*** SUPPLIED INFORMATION Section Begins ***

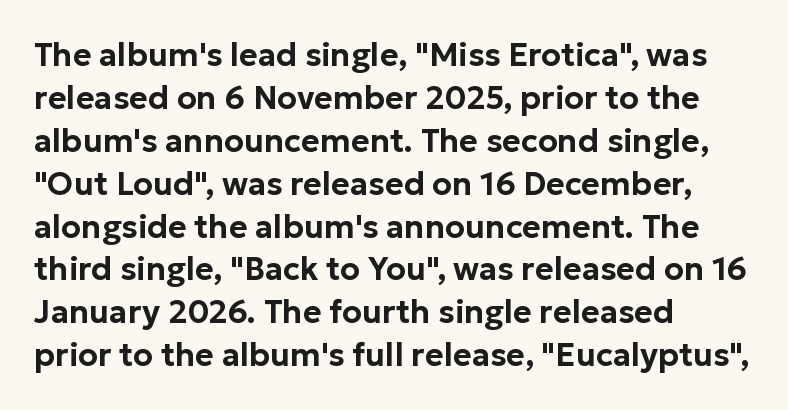
{"serif": "no", "italic": "no", "width": "normal", "stroke_contrast": "low", "x_height": "medium", "monospaced": "no", "underline": "no", "align": "left", "line_spacing": "normal", "line_spacing_ratio": 1.34, "letter_spacing": "normal", "letter_spacing_em": 0.0, "glyph_px": 32}
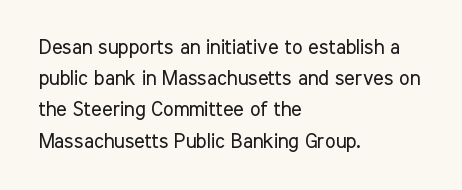
The image shows 20 px text type, upright; set left-aligned, normal line spacing (1.56x), normal letter spacing, not underlined.
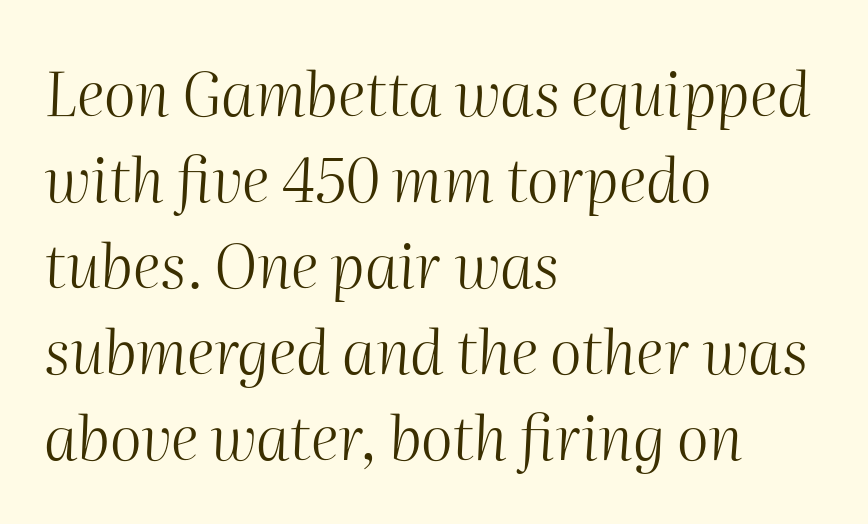
{"italic": "yes", "lean": "right", "slant_degrees": 2, "bold": "no", "weight": "light", "width": "normal", "stroke_contrast": "medium", "x_height": "medium", "monospaced": "no", "underline": "no", "align": "left", "line_spacing": "normal", "line_spacing_ratio": 1.41, "letter_spacing": "normal", "letter_spacing_em": 0.0, "glyph_px": 61}

*** SUPPLIED INFORMATION Section Ends ***

▸ **PROMPT**:
Set down the data above word for word, leaving every picture out.

▸ **ANSWER TO THE EXERCISE**:
{"serif": "no", "italic": "no", "width": "normal", "stroke_contrast": "low", "x_height": "medium", "monospaced": "no", "underline": "no", "align": "left", "line_spacing": "normal", "line_spacing_ratio": 1.34, "letter_spacing": "normal", "letter_spacing_em": 0.0, "glyph_px": 32}
The image shows 20 px text type, upright; set left-aligned, normal line spacing (1.56x), normal letter spacing, not underlined.
{"italic": "yes", "lean": "right", "slant_degrees": 2, "bold": "no", "weight": "light", "width": "normal", "stroke_contrast": "medium", "x_height": "medium", "monospaced": "no", "underline": "no", "align": "left", "line_spacing": "normal", "line_spacing_ratio": 1.41, "letter_spacing": "normal", "letter_spacing_em": 0.0, "glyph_px": 61}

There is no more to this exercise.